Thanks for your answer. ODK central is indeed great on data management, and I am planning to use it for all classical DM tasks (user access / audit trail / also data edits when available, etc) directly on the server (i.e., not via the REST API), but I have a very specific research setup, in which I need to generate customised lists of participants, and reconcile data within and between forms. Data quality checks and de-identification routines will also run on information merged from several forms. The idea is then to rely on the R ecosystem to integrate within a single processing / visualisation platform all the functions that are too project-specific for ODK Central. This seems to me a very appealing design and complements very efficiently ODK Central, the direct access to the server via RuODK also ensuring high data integrity and limiting the risk of errors. With this design, only the users involved in DM / data collection will directly interact with ODK Central. All other users will interact with the R platform. In particular, manual data exports used for analysis (i.e., processed de-identified data) will be generated with R, and not with ODK Central (which is "raw" data).

Some background info on the project
In each country, we will collect data on ~50,000 children with acute diseases in primary health care facilities (facility form) for 1 year. Data from the facility form will be used to generate a list of participants to be called by phone for a centralised follow-up (day 7 and day 28 follow-up forms). Data from the day 7 follow-up form will be used to generate a list of participants who were hospitalised during the follow-up period and for whom we will (retrospectively) collect clinical data in referral hospitals (hospitalisation form). Participants will be given a QR code ID and may visit the study facilities several times during the follow-up period (either the facility of enrolment or another facility; the same facility form will be used to collect the data of these repeat visits) and be enrolled multiple times in the study with a different QR code ID. + we have other additional studies linked to this main data collection (but of lower complexity)

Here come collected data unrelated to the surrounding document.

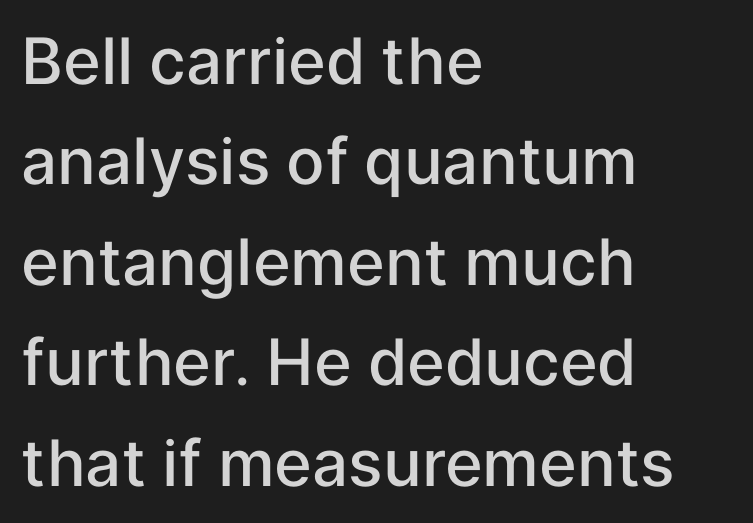
Q: Is the text bold? A: Semi-bold.
Q: Is the text italic (slanted)? A: No, it is upright.
Q: Is the typeface a serif or a sans-serif typeface? A: Sans-serif.
Q: Is the text underlined? A: No.
Q: How is the paragraph aligned? A: Left-aligned.
Q: Is the spacing between letters normal or unusually wide? A: Normal.
Q: Is the spacing between lines tight, normal or loose? A: Normal.
Q: Width (condensed, normal, or wide)? A: Normal.
Q: Stroke contrast? A: Low.
Q: x-height? A: Medium.
Q: Monospaced? A: No.

If I now only focus on the facility form use case

The form contains both personally identifiable information (PII) and sensitive health data, and hence encryption is desirable. Possibly the form could be split in two, using the QR code ID as the link between both, but this would be more cumbersome for our data collectors and the encryption being a project setting in ODK Central, it seems it does not change how the data will be handled eventually.
There are indeed 2 repeat questions among the health data, but I have not looked at how these questions are imported yet. There is no repeat questions in PII.
So far during my various tests, I have been using ruODK with either OData or the RESTful API. My guess is that the ZIP > CSV approach could become quite tedious when the database is more populated and we approach the end of the study, given the scale of the data collection, but I may be wrong here.
Data accessed from ODK Central would then be handled in two different dataframe structures in R: the first one containing PII and the second one containing (de-identified) health data associated with a (randomly generated) research ID and an encrypted sqlite mapping database for storing the link between the initial data collection ID and the research ID.
Personally identifiable information - I would use these data for generating the follow-up lists on a daily basis and reconciling entries that relate to the same participant. When exported, these data will be encrypted with restricted access rights (for data manager / monitors if a problem is detected; data collectors will access temporarily a subset of PII about participants to be contacted for follow-up / for whom hospitalisation data needs to be retrieved).
Health data - I would merge these data with the corresponding follow-up, and possible hospitalisation and repeat visit entries, run quality /de-identification checks that will issue a data quality report, and prepare for a CSV export.